[[ Excerpted data, beginning ]]

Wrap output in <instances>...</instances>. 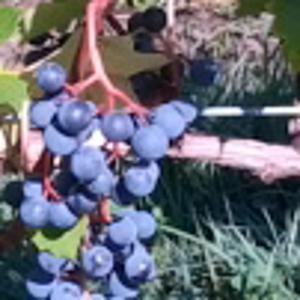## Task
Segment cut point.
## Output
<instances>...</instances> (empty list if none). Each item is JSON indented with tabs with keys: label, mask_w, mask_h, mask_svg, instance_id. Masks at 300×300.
<instances>
[{
	"label": "cut point",
	"mask_w": 300,
	"mask_h": 300,
	"mask_svg": "<svg viewBox=\"0 0 300 300\" xmlns=\"http://www.w3.org/2000/svg\"><path fill=\"white\" fill-rule=\"evenodd\" d=\"M97 5L98 4H94L92 2V4L88 8L87 17H86V26H87V31L89 33L88 41L90 42V60H91L92 69L95 74L88 75L81 82L75 83L71 87V90L73 92H76L77 90H81L85 88L89 83L99 80L124 103H130L132 101V98L130 96L125 95L114 83H112L105 76L101 53L98 51L97 43L94 36L96 20H97V16L94 13H95V7Z\"/></svg>",
	"instance_id": "6a23745f"
}]
</instances>

[[ Excerpted data, end ]]

• [Task to carry out]
Repeat, without changes, every line from the one that contains "Segment cut point." through the final line of the data.

• [Your response]
Segment cut point.
## Output
<instances>...</instances> (empty list if none). Each item is JSON indented with tabs with keys: label, mask_w, mask_h, mask_svg, instance_id. Masks at 300×300.
<instances>
[{
	"label": "cut point",
	"mask_w": 300,
	"mask_h": 300,
	"mask_svg": "<svg viewBox=\"0 0 300 300\" xmlns=\"http://www.w3.org/2000/svg\"><path fill=\"white\" fill-rule=\"evenodd\" d=\"M97 5L98 4H94L92 2V4L88 8L87 17H86V26H87V31L89 33L88 41L90 42V60H91L92 69L95 74L88 75L81 82L75 83L71 87V90L73 92H76L77 90H81L85 88L89 83L99 80L124 103H130L132 101V98L130 96L125 95L114 83H112L105 76L101 53L98 51L97 43L94 36L96 20H97V16L94 13H95V7Z\"/></svg>",
	"instance_id": "6a23745f"
}]
</instances>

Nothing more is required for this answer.